→ **Your assignment**: Reproduce every entry below precisely; do not include the pictures.
[Opening Record set section]
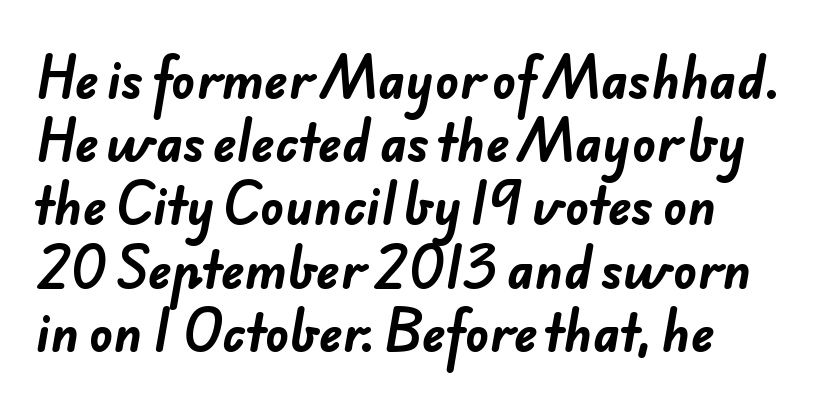
{"serif": "no", "bold": "yes", "weight": "bold", "width": "normal", "stroke_contrast": "low", "x_height": "small", "monospaced": "no", "underline": "no", "align": "left", "line_spacing": "normal", "line_spacing_ratio": 1.29, "letter_spacing": "normal", "letter_spacing_em": 0.0, "glyph_px": 49}
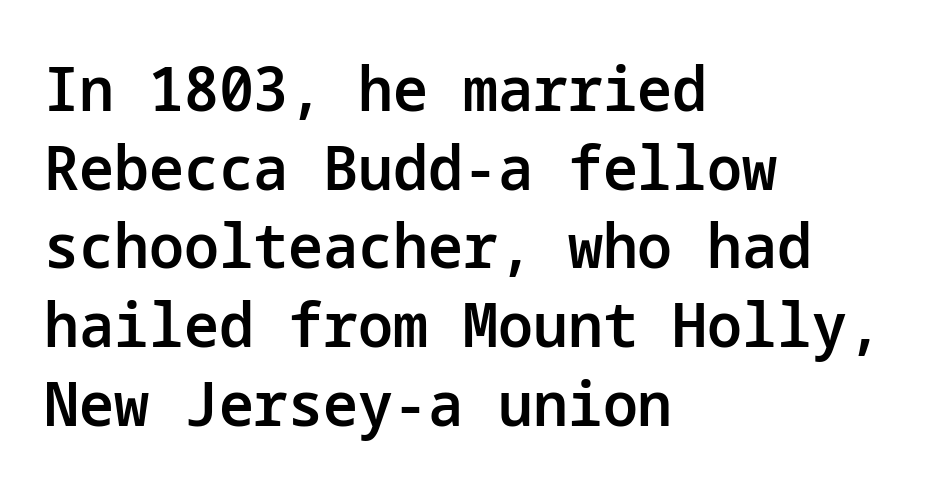
Q: Is the text bold? A: Semi-bold.
Q: Is the text italic (slanted)? A: No, it is upright.
Q: Is the typeface a serif or a sans-serif typeface? A: Sans-serif.
Q: Is the text underlined? A: No.
Q: How is the paragraph aligned? A: Left-aligned.
Q: Is the spacing between letters normal or unusually wide? A: Normal.
Q: Is the spacing between lines tight, normal or loose? A: Normal.
Q: Width (condensed, normal, or wide)? A: Normal.
Q: Stroke contrast? A: Low.
Q: x-height? A: Medium.
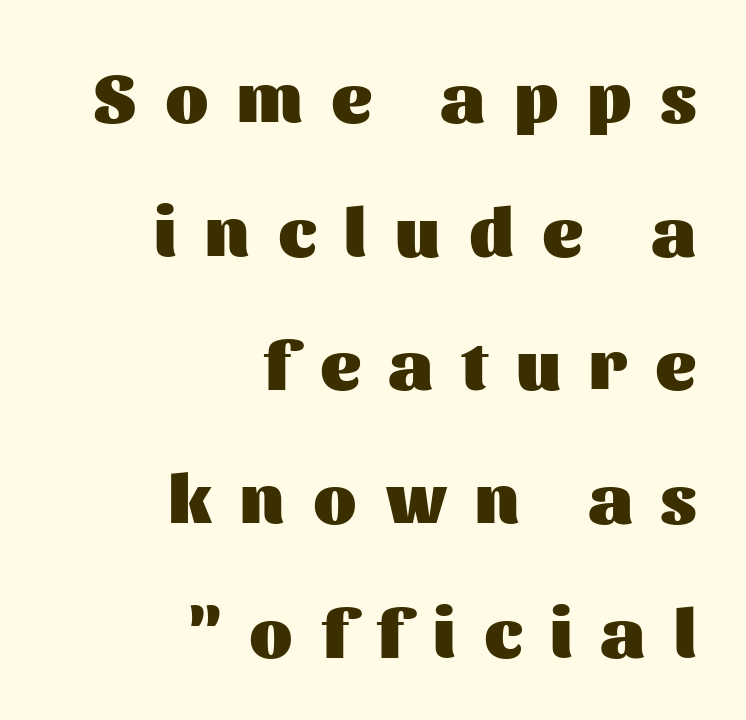
Q: Is the text bold? A: Yes.
Q: Is the text italic (slanted)? A: No, it is upright.
Q: Is the typeface a serif or a sans-serif typeface? A: Sans-serif.
Q: Is the text underlined? A: No.
Q: How is the paragraph aligned? A: Right-aligned.
Q: Is the spacing between letters normal or unusually wide? A: Unusually wide.
Q: Is the spacing between lines tight, normal or loose? A: Loose.
Q: Width (condensed, normal, or wide)? A: Normal.
Q: Stroke contrast? A: Medium.
Q: x-height? A: Medium.
Q: Monospaced? A: No.
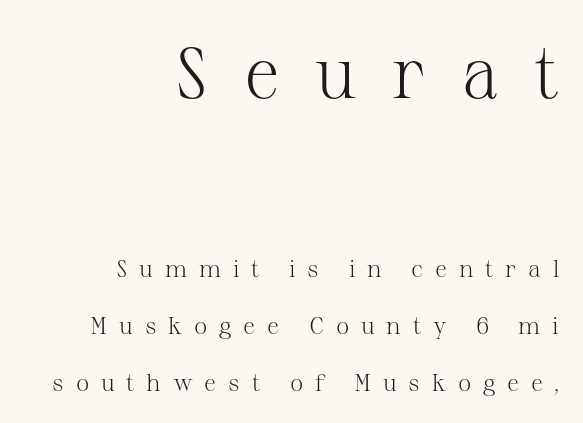
The image shows 72 px light serif type, upright; set right-aligned, loose line spacing (2.37x), unusually wide letter spacing (+0.49 em), not underlined; the first (top) block is 3.0x larger; medium stroke contrast and a medium x-height.
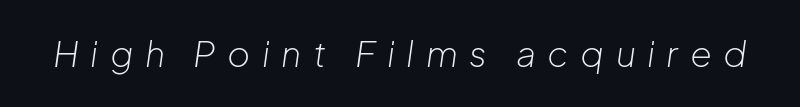
No chunkiness to these letters — they're not bold. Does the lettering tilt? It does — this is italic. Descenders hang freely into open space. These lines have a slow, spaced-out rhythm from letter to letter. Proportional: the letters do not fall into vertical columns.
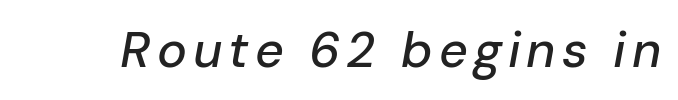
{"italic": "yes", "lean": "right", "slant_degrees": 10, "width": "normal", "stroke_contrast": "low", "x_height": "medium", "monospaced": "no", "underline": "no", "glyph_px": 50}
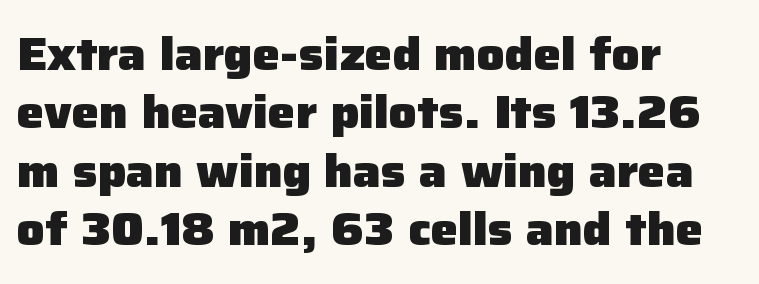
The image shows 46 px heavy sans-serif type, upright; set left-aligned, normal line spacing (1.27x), normal letter spacing, not underlined; low stroke contrast and a medium x-height.
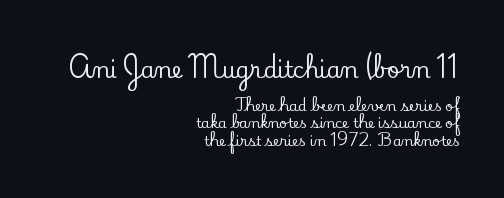
The image shows 22 px text type, upright; set right-aligned, line spacing 1.24x, normal letter spacing, not underlined; the first (top) block is 1.57x larger.
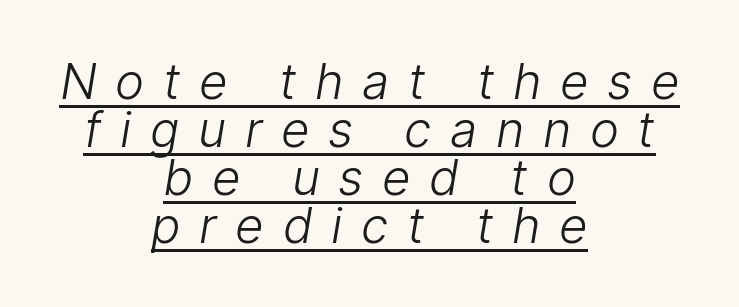
Q: Is the text bold? A: No.
Q: Is the typeface a serif or a sans-serif typeface? A: Sans-serif.
Q: Is the text underlined? A: Yes.
Q: How is the paragraph aligned? A: Centered.
Q: Is the spacing between letters normal or unusually wide? A: Unusually wide.
Q: Is the spacing between lines tight, normal or loose? A: Tight.
Q: Width (condensed, normal, or wide)? A: Normal.
Q: Stroke contrast? A: Low.
Q: x-height? A: Medium.
Q: Monospaced? A: No.
[Closing Record set section]
→ **Solution for this task**:
{"serif": "no", "bold": "yes", "weight": "bold", "width": "normal", "stroke_contrast": "low", "x_height": "small", "monospaced": "no", "underline": "no", "align": "left", "line_spacing": "normal", "line_spacing_ratio": 1.29, "letter_spacing": "normal", "letter_spacing_em": 0.0, "glyph_px": 49}
Q: Is the text bold? A: Semi-bold.
Q: Is the text italic (slanted)? A: No, it is upright.
Q: Is the typeface a serif or a sans-serif typeface? A: Sans-serif.
Q: Is the text underlined? A: No.
Q: How is the paragraph aligned? A: Left-aligned.
Q: Is the spacing between letters normal or unusually wide? A: Normal.
Q: Is the spacing between lines tight, normal or loose? A: Normal.
Q: Width (condensed, normal, or wide)? A: Normal.
Q: Stroke contrast? A: Low.
Q: x-height? A: Medium.
Q: Is the text bold? A: Yes.
Q: Is the text italic (slanted)? A: No, it is upright.
Q: Is the typeface a serif or a sans-serif typeface? A: Sans-serif.
Q: Is the text underlined? A: No.
Q: How is the paragraph aligned? A: Right-aligned.
Q: Is the spacing between letters normal or unusually wide? A: Unusually wide.
Q: Is the spacing between lines tight, normal or loose? A: Loose.
Q: Width (condensed, normal, or wide)? A: Normal.
Q: Stroke contrast? A: Medium.
Q: x-height? A: Medium.
Q: Monospaced? A: No.
The image shows 72 px light serif type, upright; set right-aligned, loose line spacing (2.37x), unusually wide letter spacing (+0.49 em), not underlined; the first (top) block is 3.0x larger; medium stroke contrast and a medium x-height.
No chunkiness to these letters — they're not bold. Does the lettering tilt? It does — this is italic. Descenders hang freely into open space. These lines have a slow, spaced-out rhythm from letter to letter. Proportional: the letters do not fall into vertical columns.
{"italic": "yes", "lean": "right", "slant_degrees": 10, "width": "normal", "stroke_contrast": "low", "x_height": "medium", "monospaced": "no", "underline": "no", "glyph_px": 50}
The image shows 46 px heavy sans-serif type, upright; set left-aligned, normal line spacing (1.27x), normal letter spacing, not underlined; low stroke contrast and a medium x-height.
The image shows 22 px text type, upright; set right-aligned, line spacing 1.24x, normal letter spacing, not underlined; the first (top) block is 1.57x larger.
Q: Is the text bold? A: No.
Q: Is the typeface a serif or a sans-serif typeface? A: Sans-serif.
Q: Is the text underlined? A: Yes.
Q: How is the paragraph aligned? A: Centered.
Q: Is the spacing between letters normal or unusually wide? A: Unusually wide.
Q: Is the spacing between lines tight, normal or loose? A: Tight.
Q: Width (condensed, normal, or wide)? A: Normal.
Q: Stroke contrast? A: Low.
Q: x-height? A: Medium.
Q: Monospaced? A: No.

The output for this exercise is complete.